March 19 (Reuters) - Lawmakers in a EU parliamentary committee on Tuesday voted to extend the exclusivity period for new medicines compared to an initial draft, seeking to address concerns expressed across the bloc's pharma industry as part of a wider regulatory overhaul.
Committee members adopted the draft position published earlier this month before a final plenary vote scheduled for April 11 by a large majority.
Lawmakers will then need to strike a deal with member states which have not yet agreed on a joint stance.
The EU Parliament aims to set baseline data protection to 7.5 years with one extra year of incentives if the medication meets unmet needs, and if clinical trials are held in the EU.
This is softer than the EU Commission's initial proposal to reduce the period to six years, from eight currently, to boost competition as European pharmaceutical research and development is falling behind non-European rivals according to critics.
The new legislation aims to slash the time it takes to approve new medicine, incentivise production of medicines for antibiotic-resistant bacteria, improve patient access and "future-proof" the rules to account for technological leaps like artificial intelligence.

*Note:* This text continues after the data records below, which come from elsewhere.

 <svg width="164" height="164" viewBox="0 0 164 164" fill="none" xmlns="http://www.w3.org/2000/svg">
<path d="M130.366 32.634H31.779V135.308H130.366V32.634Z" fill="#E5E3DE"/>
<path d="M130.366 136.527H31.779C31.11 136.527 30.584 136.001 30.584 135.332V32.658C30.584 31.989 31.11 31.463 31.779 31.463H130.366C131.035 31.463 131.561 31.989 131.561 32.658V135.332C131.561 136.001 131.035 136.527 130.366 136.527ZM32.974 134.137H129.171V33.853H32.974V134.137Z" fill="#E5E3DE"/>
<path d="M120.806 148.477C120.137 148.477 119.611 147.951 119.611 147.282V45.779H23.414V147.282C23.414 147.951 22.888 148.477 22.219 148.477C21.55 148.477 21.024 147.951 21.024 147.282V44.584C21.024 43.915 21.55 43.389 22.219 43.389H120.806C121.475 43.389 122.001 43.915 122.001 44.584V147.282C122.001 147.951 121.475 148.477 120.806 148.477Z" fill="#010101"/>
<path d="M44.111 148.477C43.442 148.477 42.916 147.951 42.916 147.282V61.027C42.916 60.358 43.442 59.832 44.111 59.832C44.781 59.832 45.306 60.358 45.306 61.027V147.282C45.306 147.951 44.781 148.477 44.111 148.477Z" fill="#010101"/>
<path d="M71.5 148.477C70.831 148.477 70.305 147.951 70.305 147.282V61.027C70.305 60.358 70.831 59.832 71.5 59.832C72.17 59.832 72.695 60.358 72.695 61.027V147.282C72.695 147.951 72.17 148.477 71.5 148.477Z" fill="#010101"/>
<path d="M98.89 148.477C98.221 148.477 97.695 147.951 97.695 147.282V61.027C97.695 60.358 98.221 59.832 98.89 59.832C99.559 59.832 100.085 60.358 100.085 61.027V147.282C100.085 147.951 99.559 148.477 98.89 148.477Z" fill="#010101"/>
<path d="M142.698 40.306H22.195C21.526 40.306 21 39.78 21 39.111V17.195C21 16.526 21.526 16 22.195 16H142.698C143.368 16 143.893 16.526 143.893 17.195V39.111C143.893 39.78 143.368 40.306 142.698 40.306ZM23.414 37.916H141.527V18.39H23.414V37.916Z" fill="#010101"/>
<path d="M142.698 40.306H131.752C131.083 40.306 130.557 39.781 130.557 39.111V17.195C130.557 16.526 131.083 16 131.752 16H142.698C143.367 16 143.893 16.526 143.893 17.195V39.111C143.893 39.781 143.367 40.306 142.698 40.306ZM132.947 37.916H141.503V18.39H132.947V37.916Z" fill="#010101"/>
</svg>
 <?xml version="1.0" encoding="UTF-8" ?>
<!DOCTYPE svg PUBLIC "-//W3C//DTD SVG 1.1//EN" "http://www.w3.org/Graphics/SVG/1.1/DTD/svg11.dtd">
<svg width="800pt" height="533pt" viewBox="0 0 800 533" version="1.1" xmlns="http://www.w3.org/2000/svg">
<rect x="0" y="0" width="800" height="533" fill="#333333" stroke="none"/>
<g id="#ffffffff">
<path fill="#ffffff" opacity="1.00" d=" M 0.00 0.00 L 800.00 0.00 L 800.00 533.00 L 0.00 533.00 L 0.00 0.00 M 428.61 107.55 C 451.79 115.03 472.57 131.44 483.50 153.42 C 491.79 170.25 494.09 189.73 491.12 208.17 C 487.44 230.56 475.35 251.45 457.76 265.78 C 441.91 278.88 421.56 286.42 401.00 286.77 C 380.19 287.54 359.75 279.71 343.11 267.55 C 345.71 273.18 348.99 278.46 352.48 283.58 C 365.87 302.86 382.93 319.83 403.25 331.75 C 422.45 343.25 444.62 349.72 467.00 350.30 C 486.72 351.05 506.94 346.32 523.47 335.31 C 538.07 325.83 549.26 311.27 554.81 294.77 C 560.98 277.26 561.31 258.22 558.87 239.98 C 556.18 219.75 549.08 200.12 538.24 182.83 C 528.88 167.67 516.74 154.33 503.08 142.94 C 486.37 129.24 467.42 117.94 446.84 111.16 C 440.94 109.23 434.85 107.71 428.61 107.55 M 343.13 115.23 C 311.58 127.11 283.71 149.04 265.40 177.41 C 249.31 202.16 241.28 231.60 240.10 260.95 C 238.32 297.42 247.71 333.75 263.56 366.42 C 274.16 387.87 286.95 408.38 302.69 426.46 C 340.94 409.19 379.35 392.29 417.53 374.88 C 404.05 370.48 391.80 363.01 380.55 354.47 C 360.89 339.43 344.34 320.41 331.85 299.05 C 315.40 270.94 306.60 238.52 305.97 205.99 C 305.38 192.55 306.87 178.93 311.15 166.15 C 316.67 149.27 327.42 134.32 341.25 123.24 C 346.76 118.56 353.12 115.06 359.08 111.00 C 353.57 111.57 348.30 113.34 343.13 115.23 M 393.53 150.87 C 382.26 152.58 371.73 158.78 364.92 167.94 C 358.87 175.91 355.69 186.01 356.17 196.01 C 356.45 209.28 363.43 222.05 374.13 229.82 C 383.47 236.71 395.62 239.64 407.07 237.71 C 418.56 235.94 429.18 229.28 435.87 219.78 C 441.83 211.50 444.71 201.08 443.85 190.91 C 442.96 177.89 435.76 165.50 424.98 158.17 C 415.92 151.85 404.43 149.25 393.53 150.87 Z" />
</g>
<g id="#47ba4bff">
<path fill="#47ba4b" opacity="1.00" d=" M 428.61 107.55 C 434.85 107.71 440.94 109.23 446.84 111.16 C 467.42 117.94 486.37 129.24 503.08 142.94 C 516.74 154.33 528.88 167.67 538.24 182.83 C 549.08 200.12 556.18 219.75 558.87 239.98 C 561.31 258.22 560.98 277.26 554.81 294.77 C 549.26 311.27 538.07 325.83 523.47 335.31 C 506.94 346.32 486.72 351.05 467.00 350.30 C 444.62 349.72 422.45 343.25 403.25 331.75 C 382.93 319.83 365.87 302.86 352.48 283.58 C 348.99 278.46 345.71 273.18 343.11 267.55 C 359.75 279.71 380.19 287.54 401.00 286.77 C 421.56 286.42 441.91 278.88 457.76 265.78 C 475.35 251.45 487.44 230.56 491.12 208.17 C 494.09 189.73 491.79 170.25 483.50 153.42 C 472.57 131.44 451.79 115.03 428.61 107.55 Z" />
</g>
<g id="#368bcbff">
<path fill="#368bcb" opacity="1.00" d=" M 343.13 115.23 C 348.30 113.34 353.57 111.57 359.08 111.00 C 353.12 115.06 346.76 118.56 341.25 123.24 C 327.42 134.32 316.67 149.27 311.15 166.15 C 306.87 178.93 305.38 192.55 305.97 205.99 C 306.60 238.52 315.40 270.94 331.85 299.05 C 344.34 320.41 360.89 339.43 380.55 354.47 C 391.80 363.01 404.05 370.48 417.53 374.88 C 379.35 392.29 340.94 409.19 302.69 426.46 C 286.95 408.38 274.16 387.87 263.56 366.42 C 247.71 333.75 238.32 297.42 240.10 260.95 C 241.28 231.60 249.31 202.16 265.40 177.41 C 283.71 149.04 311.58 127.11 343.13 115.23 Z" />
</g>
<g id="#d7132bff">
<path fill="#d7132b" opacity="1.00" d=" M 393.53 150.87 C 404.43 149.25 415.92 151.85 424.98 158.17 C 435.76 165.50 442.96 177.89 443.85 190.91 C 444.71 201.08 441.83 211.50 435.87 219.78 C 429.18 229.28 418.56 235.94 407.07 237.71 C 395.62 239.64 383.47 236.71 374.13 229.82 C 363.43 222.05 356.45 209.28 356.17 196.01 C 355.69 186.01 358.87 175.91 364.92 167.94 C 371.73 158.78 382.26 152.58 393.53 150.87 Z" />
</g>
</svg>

But Europe's pharmaceutical industry has been critical of the proposal. At issue is the new linking of a medicine's exclusivity period to access across all 27 member states, where the length of approval can vary by years.
According to the draft voted by lawmakers on Tuesday, a company would also receive three years of market protection from generics, taking the total exclusivity period to a maximum 11.5 years, down slightly from 12 years initially proposed by the Commission.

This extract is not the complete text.